Introduction
Sound and image have been media which have been cross-integrated for centuries with a range of methods. My investigation will delve into the theory behind the multi-modal within filmic theory and how this has manifested overtime into live musical performances. Similarities can be drawn between cinema and music since the moment it became a multi-modal experience. Although the information received are entirely different and can be viewed in a range of ways, the viewer as a “standard biological audio/video processor” takes in audiovisual content channelling them towards a form of emotional response, whether it demonstrates moving image predominantly or contrarily accompaniment of visual stimuli to music. As stated in The Reality of Illusion - An ecological approach to cognitive film theory, “The motion picture can be thought of as a program. And it is more precisely a program than either a language or a mere set of stimuli. It is a very complex set of instructions utilising images, actions and sounds, a string of commands to attend to this now, in this light, from this angle, at this distance, and so forth”. The essence of my research entailed having a number of approaches to cinema in mind while researching contemporary music performance.
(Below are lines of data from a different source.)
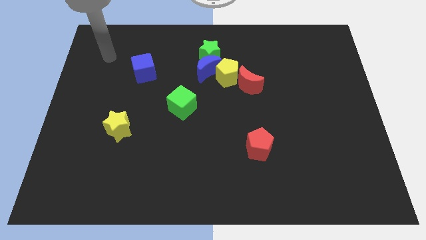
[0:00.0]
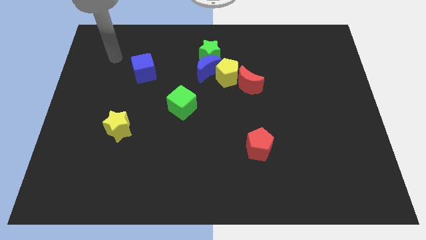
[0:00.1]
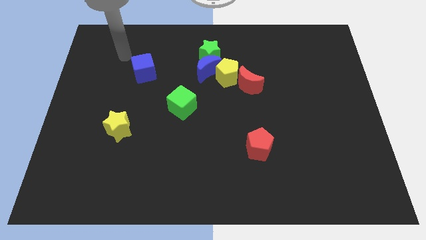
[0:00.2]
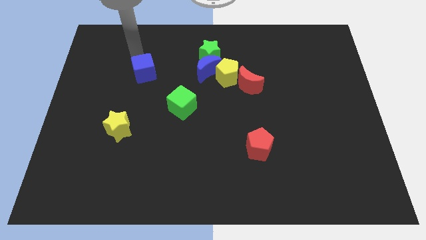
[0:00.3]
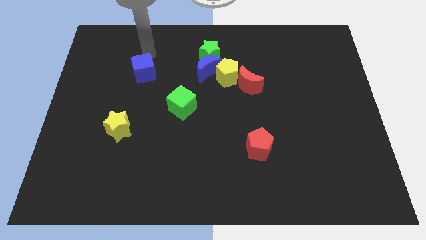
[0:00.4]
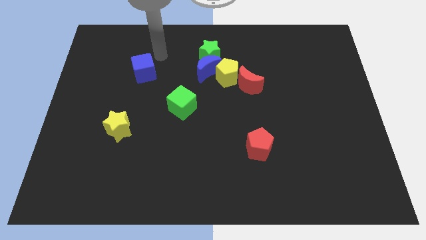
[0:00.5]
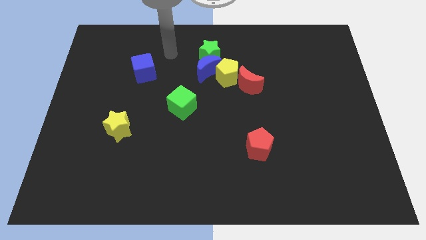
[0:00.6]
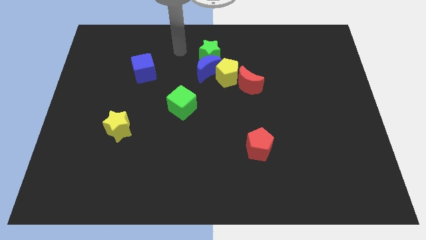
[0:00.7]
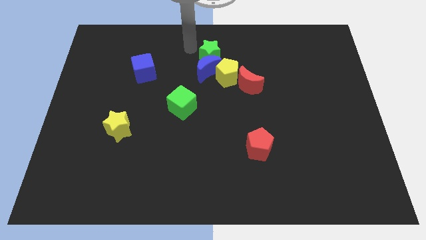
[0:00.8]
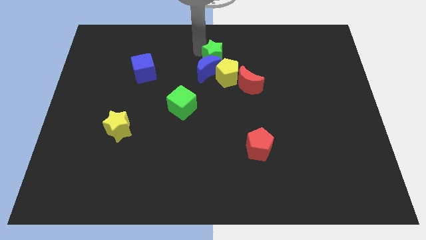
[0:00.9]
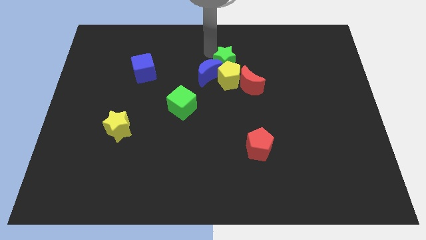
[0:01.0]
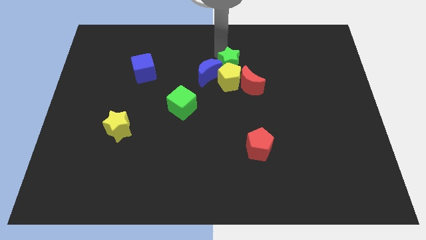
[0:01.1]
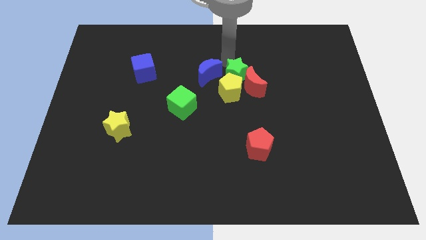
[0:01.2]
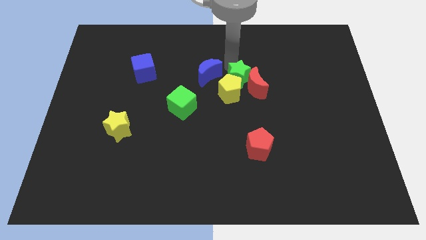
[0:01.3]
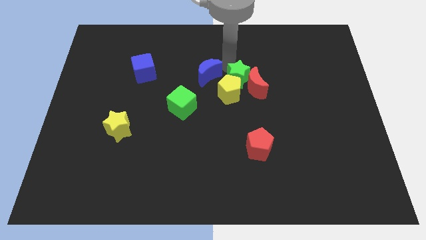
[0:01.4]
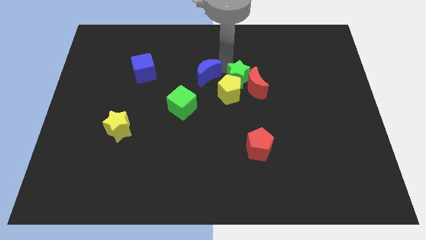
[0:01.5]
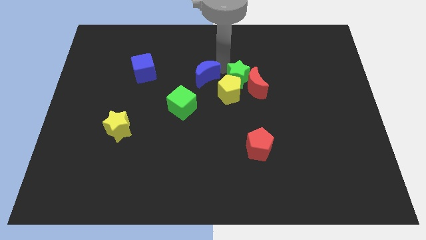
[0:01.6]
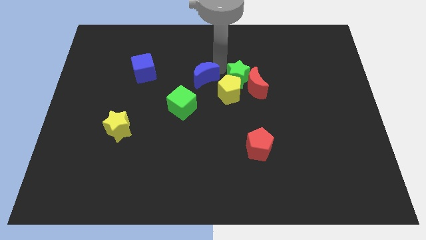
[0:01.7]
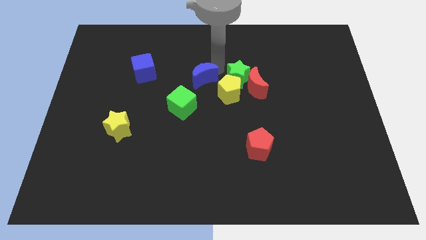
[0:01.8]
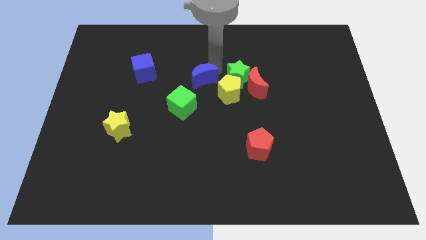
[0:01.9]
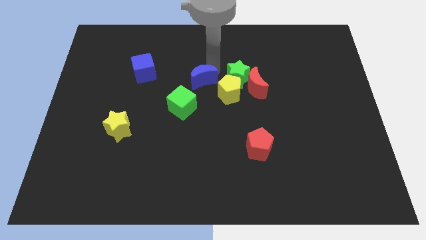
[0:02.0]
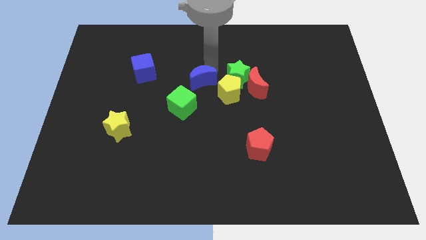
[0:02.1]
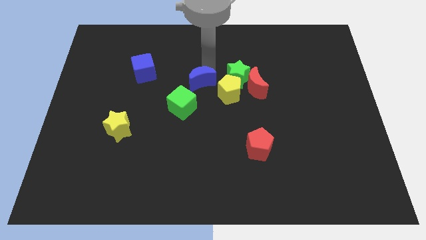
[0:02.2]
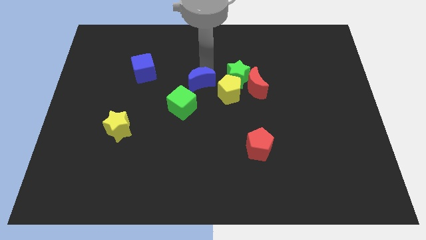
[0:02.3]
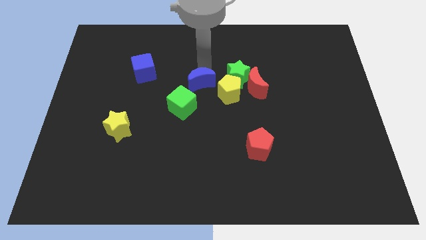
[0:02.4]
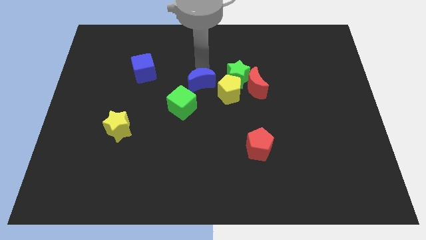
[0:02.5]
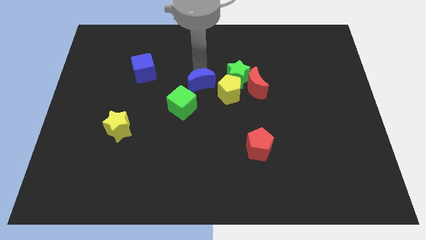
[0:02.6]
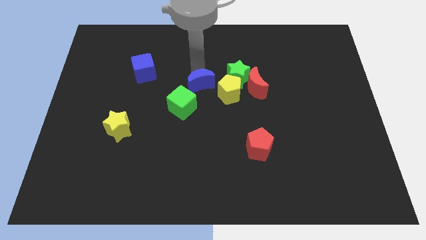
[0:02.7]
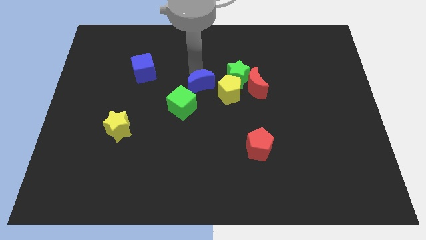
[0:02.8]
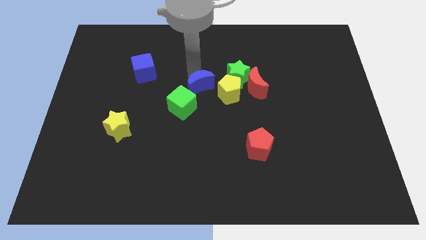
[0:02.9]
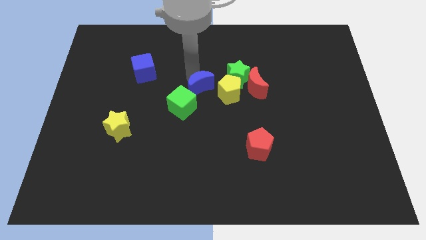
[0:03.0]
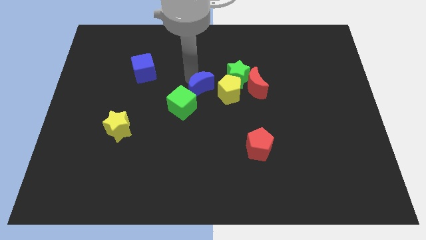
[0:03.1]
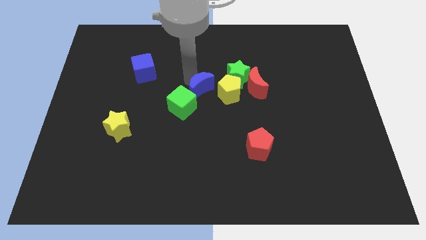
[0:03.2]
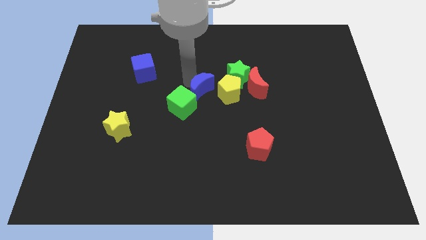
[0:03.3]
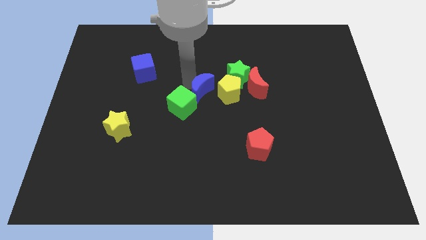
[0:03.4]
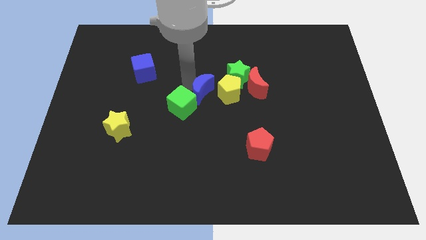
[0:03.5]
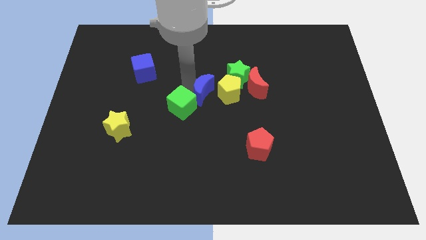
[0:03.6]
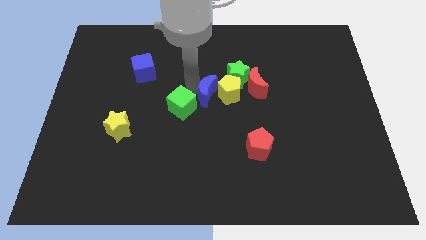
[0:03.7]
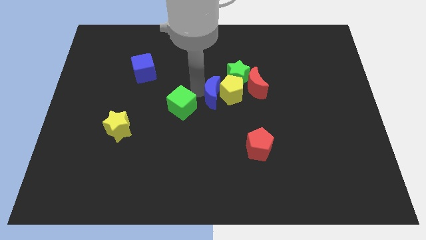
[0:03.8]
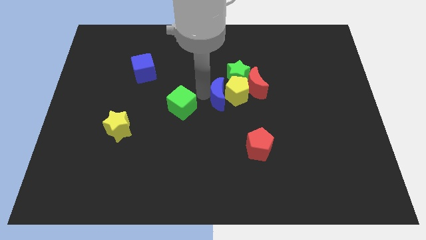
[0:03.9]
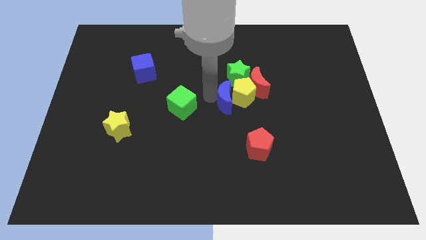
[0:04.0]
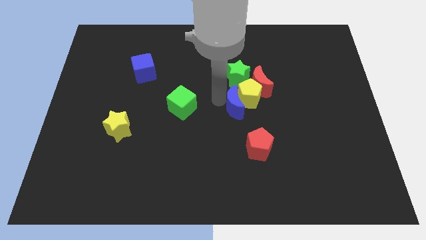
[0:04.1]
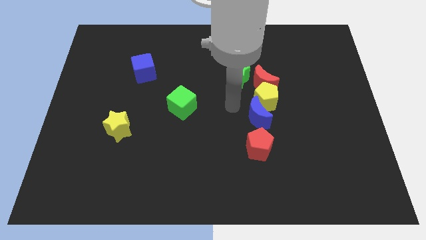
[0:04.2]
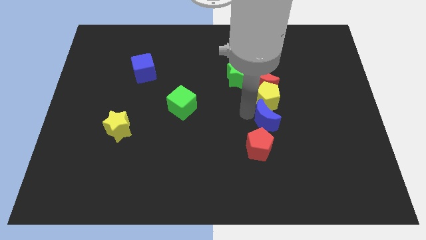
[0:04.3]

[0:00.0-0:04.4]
separate the blue moon from the green star and yellow pentagon

In film, sound can be used as a variable aspect allowing for ambiguous interpretation of any visual stimulus. Charlie Batten of BFI wrote that “visuals are what the viewer tends to mostly focus on and the sound subconsciously alters how the visuals are perceived”. In my investigation I intend to gauge the different emotional responses moving images can have over music, informed by the practice of the multi-modal in cinema. Certain theories within Michel Chion’s Audio Vision - Sound on Screen explore the interplay between sound and image within cinema. Audiovisual trajectory is a key theory explored in Chion’s studies, where he demonstrates a number of methods to give a piece a sense of continuity. It ranges from sound being used in an exact nature to give a definitive result to ways in which sound designers and filmmakers can create illusive effects when using sound and image in conjunction. With relation to music performance, visual content has been utilised both with digital precision and more loose narratives. The existence of media such as music videos and visuals stems from the predominance of visual over audio processing. Dr. Haig Kouyoumdjian of Psychology Today argues that people are more responsive to visual stimuli, supported by the 9900% increase in visual information on the internet alone. Thus, for performing musicians and their audiences, visual cues would in a way bridge a void and create more authentic responses. A study in sight over sound judgments in Virtuosi dance experimented into musicians and their ability to anticipate winning dancers with muted clips. The study concluded that paired with music, participants were able to identify the winning pieces and, In vice versa, it found that visual stimulus “could confound listeners' ability to make judgments of the quality of the music being performed”. Such data represents the complex interplay between all of the senses and justifies that within performative acts, stimulating audiences with multimodality is a sure way to boost their engagement in an act. This translates to live music because often a large audience cannot engage with a performer: To accompany the music and essentially fill a temporal gap, large spectacles of light, projection and gestural movement are applied to assist in dramatising a performance.